How Crime-scene Clean-up Works, Crime Scene cleaning in Haddonfield NJ, Crime Scene cleaning in Mt. Laurel NJ,

The site of a messy death poses dangers not everyone can see. In addition to the infection that can result from bloodborne pathogens, any bodily fluids that remain in floors, baseboards or walls can end up making people sick months or years later. The area has to be truly clean, not just apparently clean.


Cleaning up after a violent death can take anywhere from one hour to 40 hours or more. It all depends on the type of trauma and the amount of biohazardous material at the site. Cleaners use hospital-grade disinfectant to wipe or scrub every drop of blood from all surfaces, including counters, ceilings, walls, light fixtures, glass trinkets, family pictures, artwork and appliances. They scrape brain matter off of walls and collect any bone fragments embedded in the drywall. They rip out and discard blood-soaked carpeting and remove blood-soaked upholstery, window treatments or rugs. Sometimes, they need to collect and remove small pieces of the body – the coroner takes most of it, but if it was a particularly violent death, there may parts left behind.
In a "decomp," the scene is usually not as spread out, but a decomposing body can be even more gruesome than a shooting or stabbing. A body that has been deceased for days, weeks or months has gone through some changes. After death, the body swells, insects move in, organs digest themselves and skin liquefies.

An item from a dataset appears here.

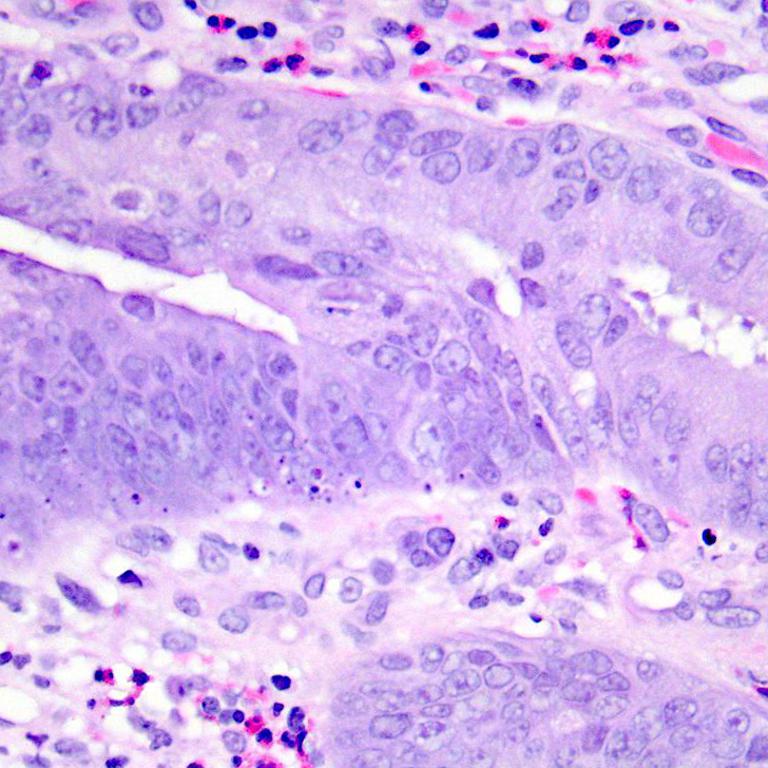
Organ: colon
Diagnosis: adenocarcinomas

It's not pretty, but most people will tell you that the sight of a decomposing body can't compare to the smell, which is partly a result of ammonia gas released during decomposition. The coroner removes the body but usually leaves behind lots of liquefied matter as well as maggots filled with the deceased's blood. In addition to cleaning up the mess, cleaners sometimes have to track down and burn any maggots that scurried out of the body, because they're carrying pathogens.


The scene of a methamphetamine lab, on the other hand, typically doesn't have the "gross factor" of a death scene, but it's often a lot more dangerous to clean up.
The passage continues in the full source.